The final point of the trial was what Galileo believed himself, because if he believed in heliocentrism, that is heresy. This is where torture comes in, because the Inquisition had recently started using torture to determine what suspects truly believed. The Pope, who was a personal friend of Galileo’s, ordered that Galileo, due to his advanced age and poor health, not be tortured but only the threat of torture be used.

In any case, this is where the wheeling and dealing starts. Galileo insisted that the Dialogue was not an argument for heliocentrism (this is the plausible deniability) but just a discussion. In fact, he maintained, that he presented the arguments for heliocentrism so that they could be refuted. Anyone reading or studying the book would have a hard time accepting this interpretation – Galileo clearly favored heliocentrism. The final agreement, to get around the impasse, was that Galileo would officially state that he did not believe in heliocentrism, and that the Dialogue was not meant to promote heliocentrism. This is what he said:

Now I freely confess that it appeared to me in several places to be written in such a way that a reader, not aware of my intention, would have had reason to form the opinion that the arguments for the false side, which I intended to confute, were so stated as to be capable of convincing because of their strength, rather than being easy to answer. (Finocchiaro 1989, 278)
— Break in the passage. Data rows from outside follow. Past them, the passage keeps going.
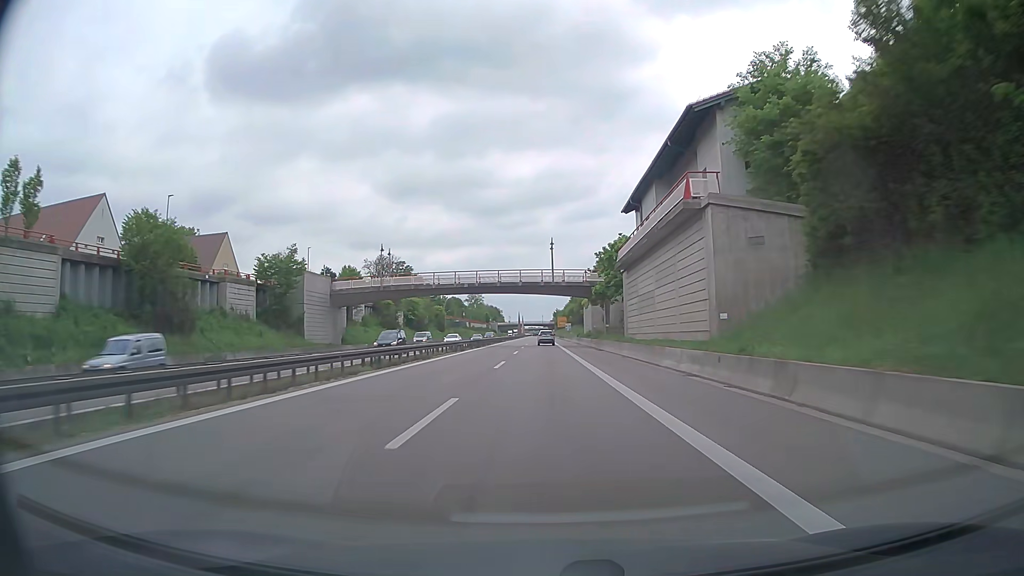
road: trunk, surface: asphalt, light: Day
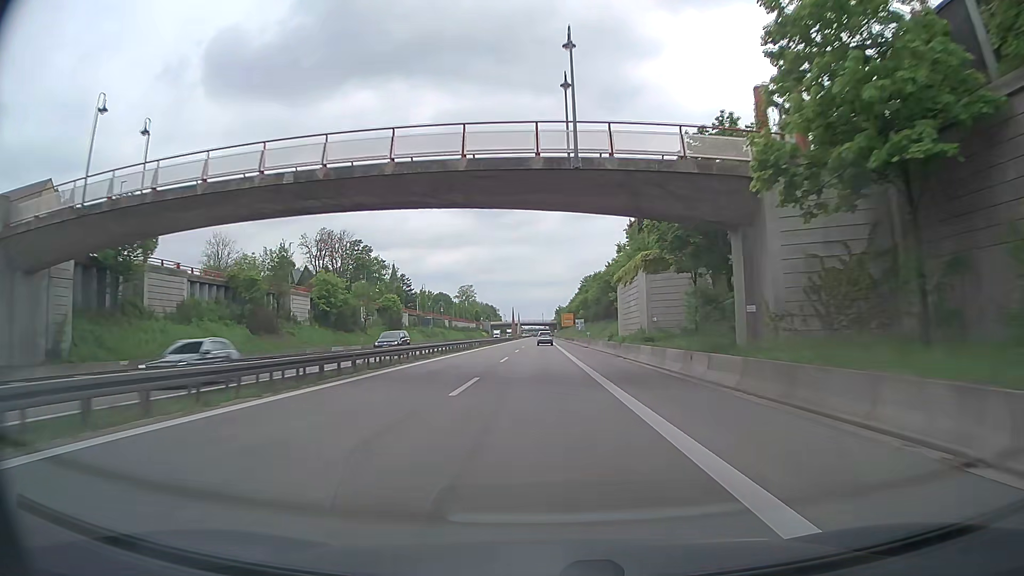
(0.0, +47.2) m; 0°
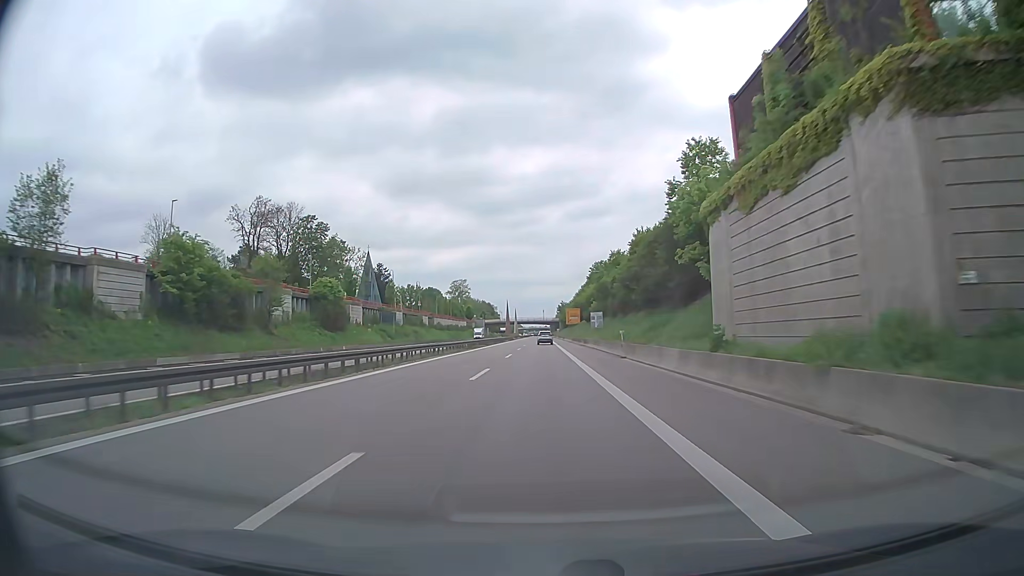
(-0.1, +31.4) m; 0°
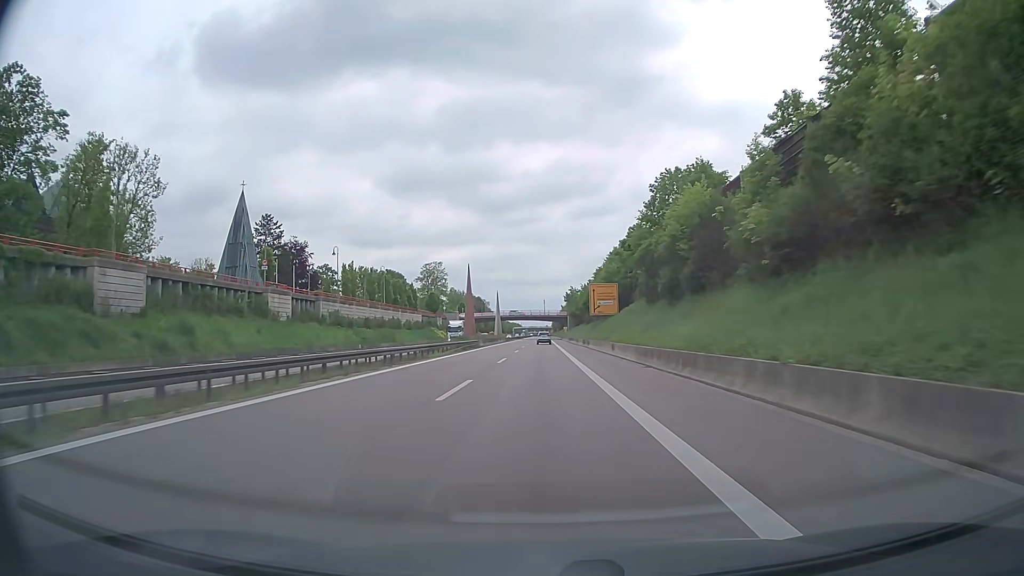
(-0.5, +78.0) m; 0°
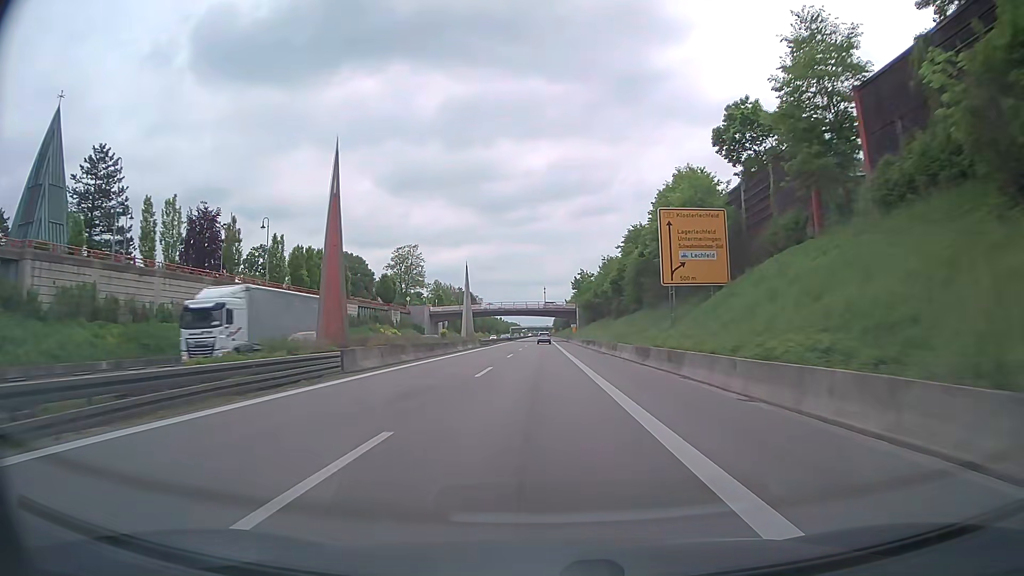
(-0.1, +46.7) m; 0°
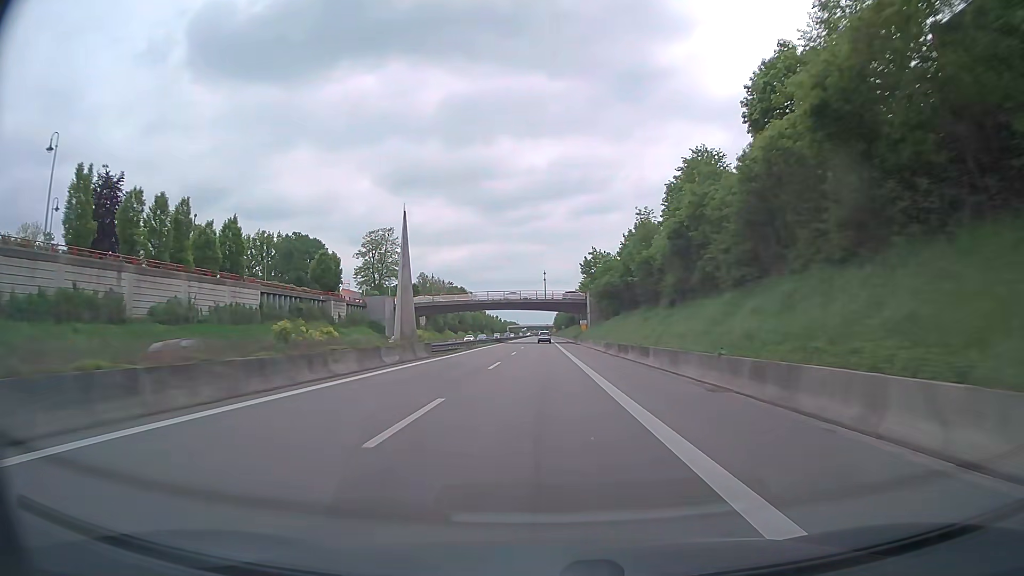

I think today this would be characterized as a “notpology”. He accidently overstated the arguments for heliocentrism so that an unwary reader might misconstrue his purpose. OK, sure. He was also convicted of “possible heresy” rather than actual heresy, a lesser crime that does not require execution. He was sentenced to prison, where he spent one day and then the sentence was commuted to house arrest, where he spent the rest of his days. The Church then widely publicized their version of events, saying that the famous Italian scientist, Galileo, says the church and geocentrism are correct.

There is a lot more detail, but these are the important bits. The key lessons remain intact – The Church gave itself the authority to proclaim what books could be published, what arguments could be put forward, and even what people were allowed to think and believe. Everything must conform to their interpretation of “Holy Scripture”. They jealously guarded their authority, and would prosecute, even unto death, any heresy. But it is also true that the Catholic Church, despite its structure, was not monolithic – there were many orders and opinions within the Church, and the Church was not uniformly anti-science. In fact, they promoted science and scientific thought in many ways. The Jesuits, in particular, were very academic. But in the end, the Pope and his advisors determined what was heresy, and would not allow any thought that violated dogma.

Despite all this, Galileo won in the end. His ideas prevailed, at least the ones that were correct. He did popularize heliocentrism, and the Dialogue remains a classic of literature. While more complex and nuanced than the simple version, the story, at its core, does reflect the conflict between science and religion, between dogma and scientific freedom, and between arguments from authority and arguments based in logic and evidence.